Joanna Briggs Institute, Faculty of Health and Medical Sciences, The University of Adelaide, South Australia.
Centre for Nanoscale BioPhotonics, Faculty of Science and Engineering, Macquarie University, Sydney, New South Wales.
J Alzheimers Dis. 2018;65(4):1225-1236. doi: 10.3233/JAD-180263.
Metformin, a first line antihyperglycemic medication, is an AMPK activator and has been hypothesized to act as a geroprotective agent. Studies on its association with various classifications of age-related cognitive decline have shown mixed results with positive and negative findings.

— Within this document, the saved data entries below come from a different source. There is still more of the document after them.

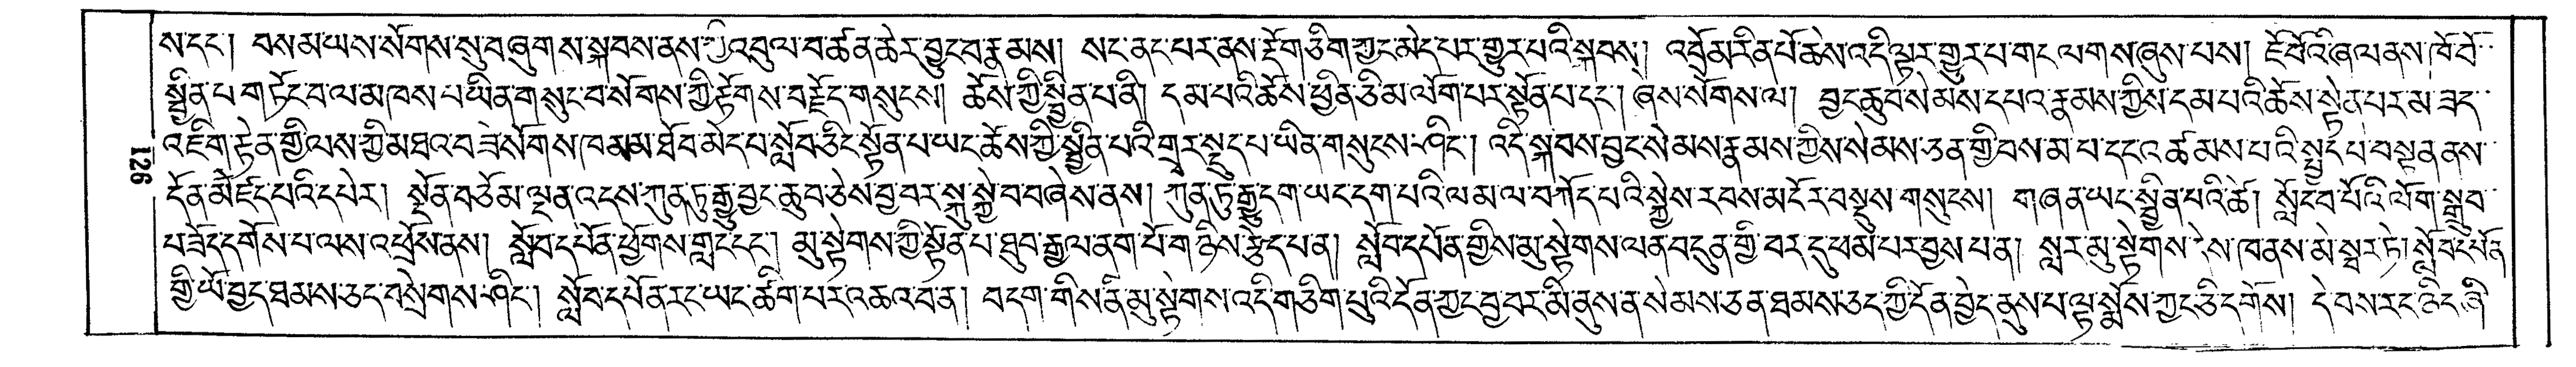ས་དང་། བསམ་ཡས་སོགས་སུ་བཞུགས་སྐབས་ནས་ཀྱི་འབུལ་བ་ཚན་ཆེར་བྱུང་བ་རྣམས། སང་ནང་པར་ནས་རྡོག་ཅིག་ཀྱང་མེད་པར་གྱུར་པའི་སྐབས། འབྲོམ་རིན་པོ་ཆེས་འདི་ལྟར་གྱུར་པ་གང་ལགས་ཞུས་བས། ཇོ་བོའི་ཞལ་ནས་ཁོ་བོ་
སྦྱིན་པ་གཏོང་བ་ལ་མཁས་པ་ཡིན་གསུང་བ་སོགས་ཀྱི་རྟོགས་བརྗོད་གསུངས། ཆོས་ཀྱི་སྦྱིན་པ་ནི། དམ་པའི་ཆོས་ཕྱིན་ཅི་མ་ལོག་པར་སྟོན་པ་དང་། ཞེས་སོགས་ལ། བྱང་ཆུབ་སེམས་དཔའ་རྣམས་ཀྱིས་དམ་པའི་ཆོས་སྟེན་པར་མ་ཟད་
འཇིག་རྟེན་གྱི་ལས་ཀྱི་མཐའ་བཟོ་སོགས་ཁ་ན་མ་ཐོ་བ་མེད་པ་སློབ་ཅིང་སྟོན་པ་ཡང་ཆོས་ཀྱི་སྦྱིན་པའི་གྲྭར་སྡུད་པ་ཡིན་གསུངས་ཤིང་། འདི་སྐབས་བྱང་སེམས་རྣམས་ཀྱིས་སེམས་ཅན་གྱི་བསམ་པ་དང་འཚམས་པའི་སྤྱོད་པ་བསྟན་ནས་
དོན་མཛད་པའི་དཔེར། སྔོན་བཅོམ་ལྡན་འདས་ཀུན་ཏུ་རྒྱུ་བྱང་ཆུབ་ཅེས་བྱ་བར་སྐུ་སྐྱེ་བ་བཞེས་ནས། ཀུན་ཏུ་རྒྱུ་དག་ཡང་དག་པའི་ལམ་ལ་བཀོད་པའི་སྐྱེས་རབས་མདོར་བསྡུས་གསུངས། གཞན་ཡང་སྦྱིན་པའི་ཚེ། སློང་བ་པོའི་ལོག་སྒྲུབ་
བཟོད་དགོས་པ་ལས་འཕྲོས་ནས། སློབ་དཔོན་ཕྱོགས་གླང་དང་། མུ་སྟེགས་ཀྱི་སྟོན་པ་ཐུབ་རྒྱལ་ནག་པོ་གཉིས་རྩོད་པ་ན། སློབ་དཔོན་གྱིས་མུ་སྟེགས་ལན་བདུན་གྱི་པར་དུ་ཕམ་པར་བྱས་པ་ན། སླར་མུ་སྟེགས་དེས་ཁ་ནས་མེ་སྦར་ཏེ། སློབ་དཔོན་
གྱི་ཡོ་བྱད་ཐམས་ཅད་བསྲེགས་ཤིང་། སློབ་དཔོན་རང་ཡང་ཚིག་པར་འཆའ་བ་ན། བདག་གིས་ནི་མུ་སྟེགས་འདི་གཅིག་པུའི་དོན་ཀྱང་བྱ་བར་མི་ནུས་ན་སེམས་ཅན་ཐམས་ཅད་ཀྱི་དོན་བྱེད་ནུས་པ་ལྟ་སྨོས་ཀྱང་ཅི་དགོས། དེ་བས་རང་ཉིད་ཞི་
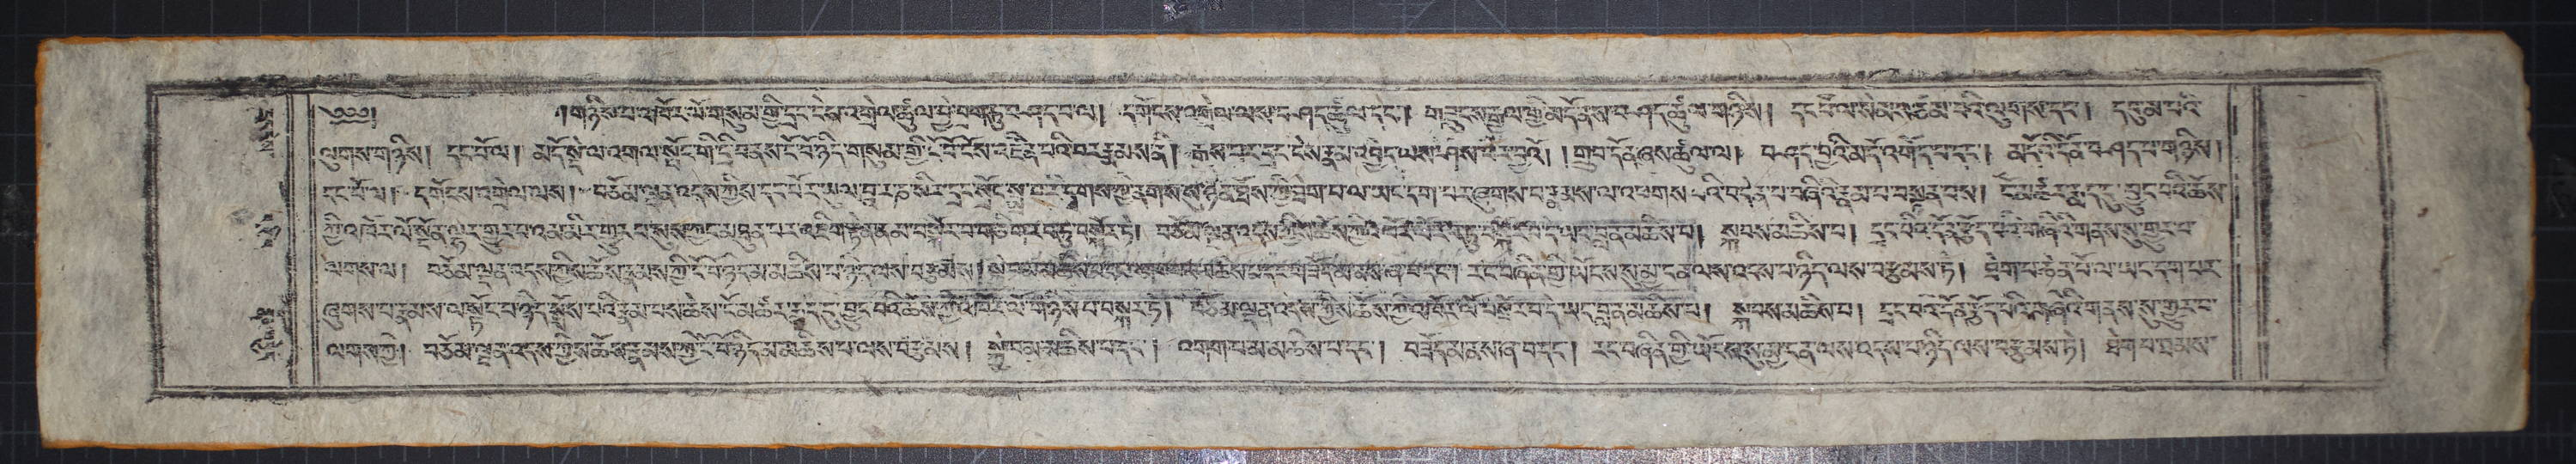༄༅། །གཉིས་པ་འཁོར་ལོ་གསུམ་གྱི་དྲང་ངེས་འགྲེལ་ཚུལ་བྱེ་བྲག་ཏུ་བཤད་པ་ལ། དགོངས་འགྲེལ་ལས་བཤད་ཚུལ་དང་། གཟུངས་རྒྱལ་གྱི་མདོ་ནས་བཤད་ཚུལ་གཉིས། དང་པོ་ལ་སེམས་ཙམ་པའི་ལུགས་དང་། དབུ་མ་པའི་
ལུགས་གཉིས། དང་པོ་ལ། མདོ་སྡེ་ལ་འགལ་སྤོང་གི་དྲི་བ་ནས་ངོ་བོ་ཉིད་གསུམ་གྱི་ངོ་བོ་ངོས་འཛིན་པའི་བར་རྣམས་ནི། རྒྱས་པར་དྲང་ངེས་རྣམ་འབྱེད་ལས་ཤེས་པར་བྱའོ། །གྲུབ་དོན་ཞུས་ཚུལ་ལ། བཤད་བྱའི་མདོ་འགོད་པ་དང་། མདོའི་དོན་བཤད་པ་གཉིས།
དང་པོ་ལ། དགོངས་འགྲེལ་ལས། བཅོམ་ལྡན་འདས་ཀྱིས་དང་པོར་ཡུལ་ཝཱ་ར་ཎ་སིར་དྲང་སྲོང་སྨྲ་བ་རི་དྭགས་ཀྱི་ནགས་སུ་ཉན་ཐོས་ཀྱི་ཐེག་པ་ལ་ཡང་དག་པར་ཞུགས་པ་རྣམས་ལ་འཕགས་པའི་བདེན་པ་བཞིའི་རྣམ་པ་བསྟན་པས། ངོ་མཚར་རྨད་དུ་བྱུང་བའི་ཆོས་
ཀྱི་འཁོར་ལོ་སྔོན་ལྷར་གྱུར་པ་འམ་མིར་གྱུར་པ་སུས་ཀྱང་མཐུན་པར་འཇིག་རྟེན་ན་མ་བསྐོར་བ་གཅིག་རབ་ཏུ་བསྐོར་ཏེ། བཅོམ་ལྡན་འདས་ཀྱིས་ཆོས་ཀྱི་འཁོར་ལོ་རབ་ཏུ་བསྐོར་བ་དེ་ཡང་བླ་ན་མཆིས་པ། སྐབས་མཆིས་པ། དྲང་བའི་དོན་རྩོད་པའི་གཞིའི་གནས་སུ་གྱུར་པ་
ལགས་ལ། བཅོམ་ལྡན་འདས་ཀྱིས་ཆོས་རྣམས་ཀྱི་ངོ་བོ་ཉིད་མ་མཆིས་པ་ཉིད་ལས་བརྩམས། སྐྱེ་བ་མ་མཆིས་པ་དང་འགག་པ་མ་མཆིས་པ་དང་གཟོད་མ་ནས་ཞི་བ་དང་། རང་བཞིན་གྱི་ཡོངས་སུ་མྱ་ངན་ལས་འདས་པ་ཉིད་ལས་བརྩམས་ཏེ། ཐེག་པ་ཆེན་པོ་ལ་ཡང་དག་པར་
ཞུགས་པ་རྣམས་ལ་སྟོང་པ་ཉིད་སྨོས་པའི་རྣམ་པས་ཆེས་ངོ་མཚར་རྨད་དུ་བྱུང་བའི་ཆོས་ཀྱི་འཁོར་ལོ་གཉིས་པ་བསྐོར་ཏེ། བཅོམ་ལྡན་འདས་ཀྱིས་ཆོས་ཀྱི་འཁོར་ལོ་བསྐོར་བ་དེ་ཡང་བླ་ན་མཆིས་པ། སྐབས་མཆིས་པ། དྲང་བའི་དོན་རྩོད་པའི་གཞིའི་གནས་སུ་གྱུར་པ་
ལགས་ཀྱི། བཅོམ་ལྡན་འདས་ཀྱིས་ཆོས་རྣམས་ཀྱི་ངོ་བོ་ཉིད་མ་མཆིས་པ་ལས་བརྩམས། སྐྱེ་བ་མ་མཆིས་པ་དང་། འགག་པ་མ་མཆིས་པ་དང་། བཟོད་མ་ནས་ཞི་བ་དང་། རང་བཞིན་གྱི་ཡོངས་སུ་མྱ་ངན་ལས་འདས་པ་ཉིད་ལས་བརྩམས་ཏེ། ཐེག་པ་ཐམས་

To synthesize the best available evidence on the association of metformin-use with risk, progression, and severity of dementia.
Eligible research investigated the effect of metformin on dementia, Alzheimer's disease, or any measure of cognitive impairment compared to any control group who were not receiving metformin. The initial search resulted in 862 citations from which 14 studies (seven cohort, four cross-sectional, two RCTs, and one case control) were included.
Meta-analysis of three studies showed that cognitive impairment was significantly less prevalent in diabetic metformin (Odds ratio = 0.55, 95% CI 0.38 to 0.78), while six studies showed that dementia incidence was also significantly reduced (Hazard ratio = 0.76, 95% CI 0.39 to 0.88). Mini-Mental State Examination scores were not significantly affected by metformin-use, although both RCTs showed that metformin had a neuroprotective effect compared to placebo. Some studies found negative or neutral effects for metformin use by people with diabetes; the potential mechanism of metformin-induced vitamin B12 deficiency is discussed.
Metformin should continue to be used as a first line therapy for diabetes in patients at risk of developing dementia or Alzheimer's disease. The use of metformin by individuals without diabetes for the prevention of dementia is not supported by the available evidence.
二甲双胍是一种一线抗高血糖药物,是 AMPK 的激活剂,据推测它具有抗衰老作用。关于其与各种与年龄相关的认知能力下降分类的关联的研究结果喜忧参半,既有阳性结果也有阴性结果。
综合现有关于二甲双胍使用与痴呆风险、进展和严重程度关联的最佳证据。
合格的研究调查了与任何对照组相比,二甲双胍对痴呆、阿尔茨海默病或任何认知障碍测量的影响,这些对照组未使用二甲双胍。最初的搜索产生了 862 条引文,其中包括 14 项研究(7 项队列研究、4 项横断面研究、2 项 RCT 和 1 项病例对照研究)。
三项研究的荟萃分析表明,糖尿病患者中认知障碍的发生率明显较低(优势比=0.55,95%置信区间 0.38 至 0.78),而六项研究表明痴呆发病率也显著降低(风险比=0.76,95%置信区间 0.39 至 0.88)。虽然两项 RCT 均表明与安慰剂相比,二甲双胍具有神经保护作用,但二甲双胍的使用并未显著影响简易精神状态检查评分。一些研究发现糖尿病患者使用二甲双胍的效果为阴性或中性;讨论了二甲双胍引起维生素 B12 缺乏的潜在机制。
二甲双胍应继续作为有痴呆或阿尔茨海默病风险的糖尿病患者的一线治疗药物。没有糖尿病的个体使用二甲双胍预防痴呆的证据并不支持。